§ DATA EXTRACT
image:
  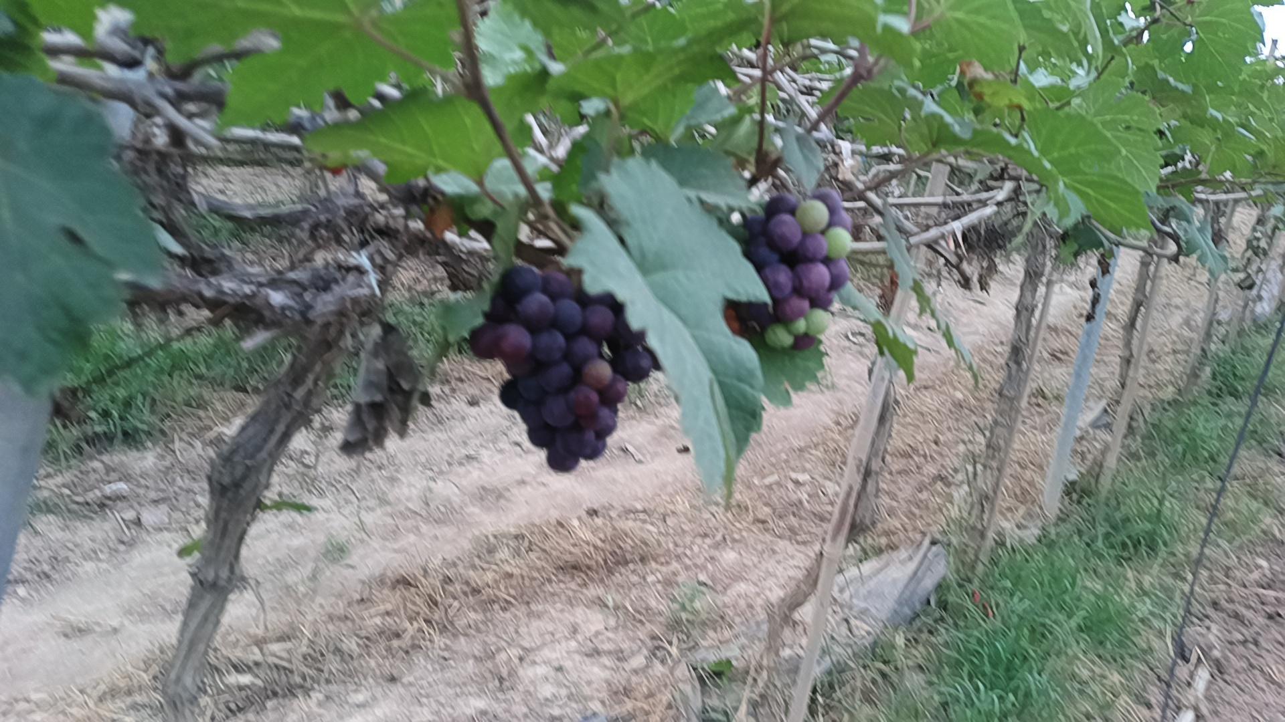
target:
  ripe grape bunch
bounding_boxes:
[470,265,659,472]
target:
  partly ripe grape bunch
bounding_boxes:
[725,188,851,350]
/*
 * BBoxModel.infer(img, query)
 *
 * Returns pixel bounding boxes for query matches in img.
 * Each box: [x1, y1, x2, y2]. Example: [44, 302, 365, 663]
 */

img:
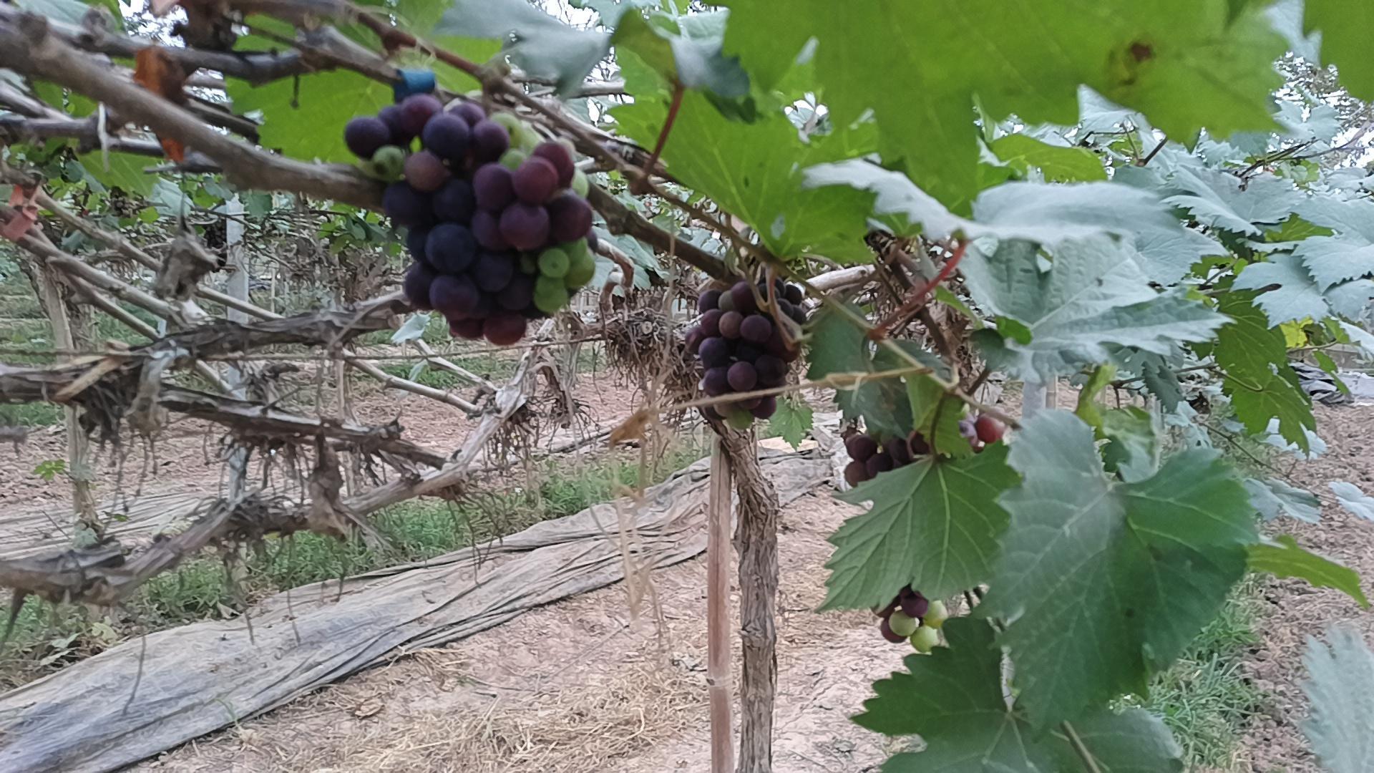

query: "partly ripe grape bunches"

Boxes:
[842, 410, 999, 651]
[686, 276, 807, 430]
[345, 94, 594, 344]
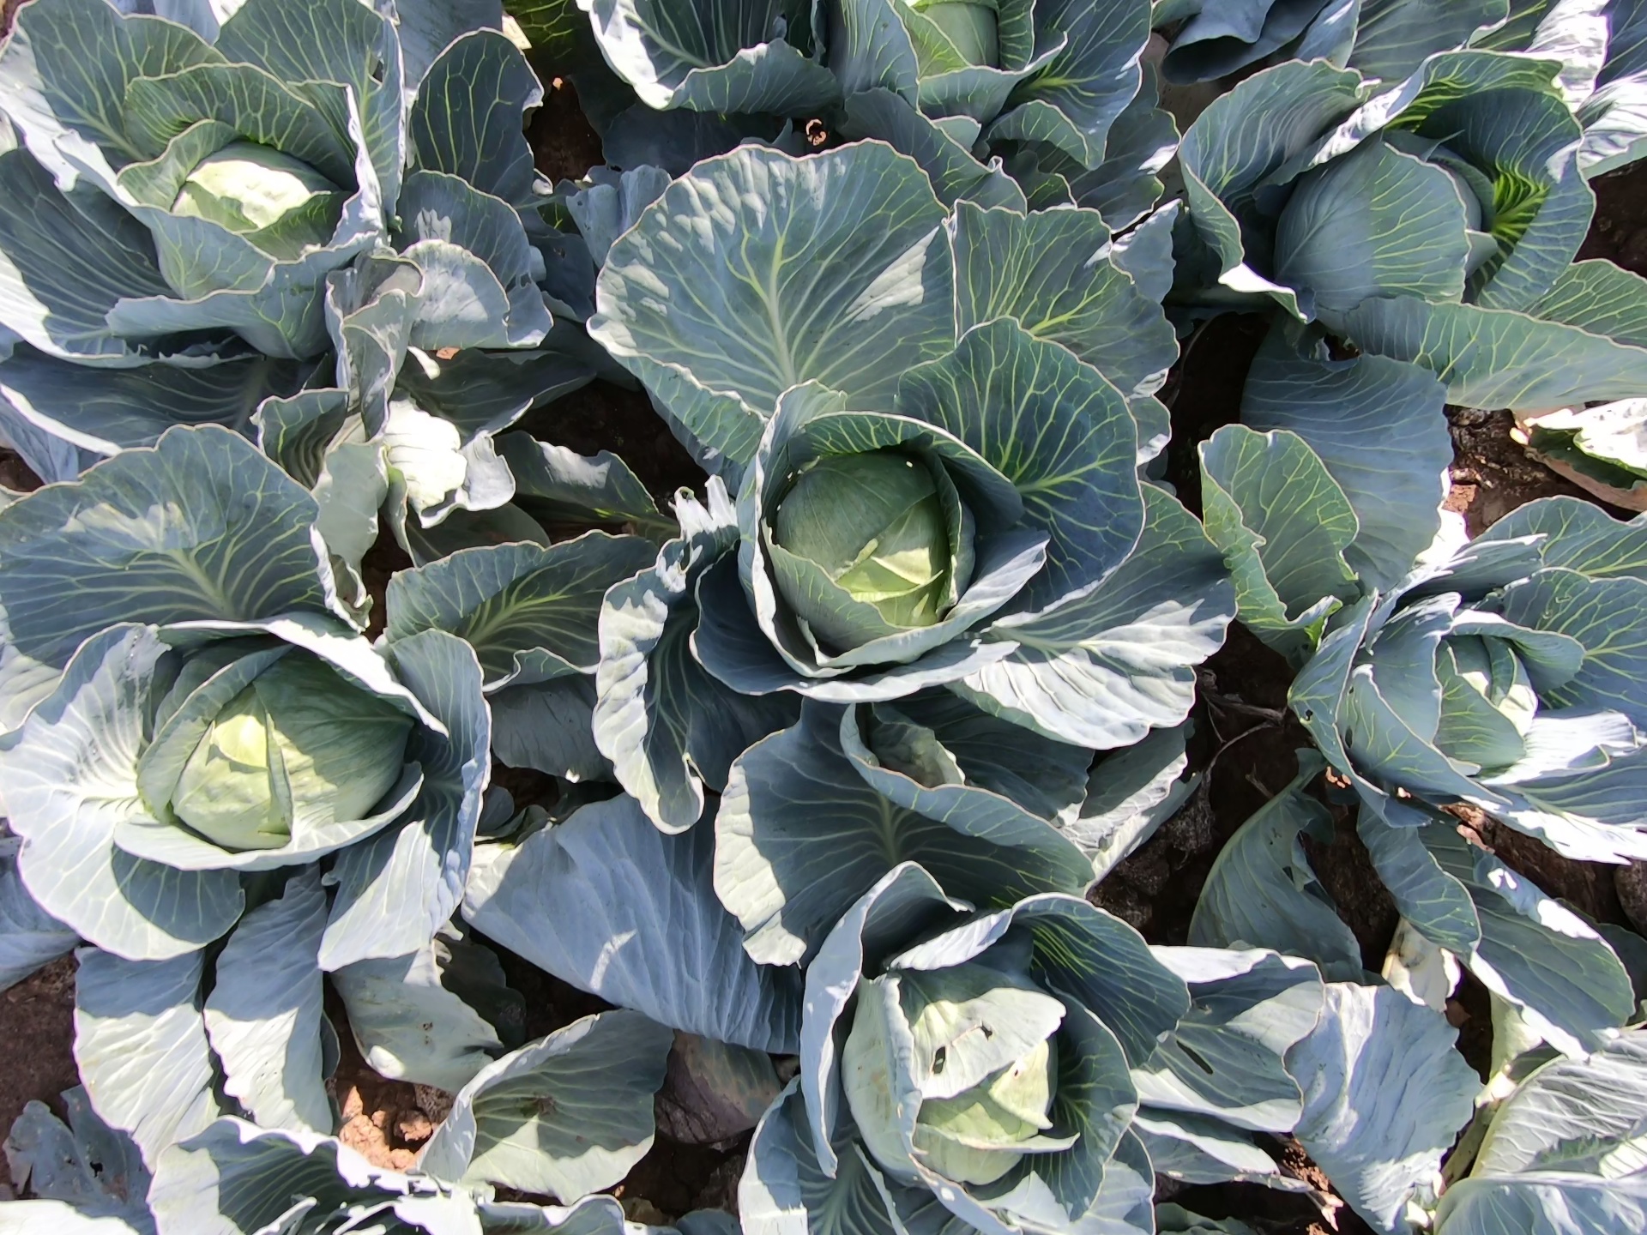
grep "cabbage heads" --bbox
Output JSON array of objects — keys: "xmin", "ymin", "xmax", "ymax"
[
  {"xmin": 158, "ymin": 627, "xmax": 410, "ymax": 852},
  {"xmin": 1328, "ymin": 136, "xmax": 1485, "ymax": 294},
  {"xmin": 776, "ymin": 450, "xmax": 977, "ymax": 646},
  {"xmin": 884, "ymin": 7, "xmax": 1001, "ymax": 104},
  {"xmin": 164, "ymin": 137, "xmax": 353, "ymax": 308},
  {"xmin": 1386, "ymin": 625, "xmax": 1543, "ymax": 765},
  {"xmin": 869, "ymin": 958, "xmax": 1059, "ymax": 1186}
]

§ TASK GOAL
What lines above contain the string "partly"? Copy all of them.

§ RESPONSE TO THE TASK
  partly ripe grape bunch
query: "partly ripe grape bunches"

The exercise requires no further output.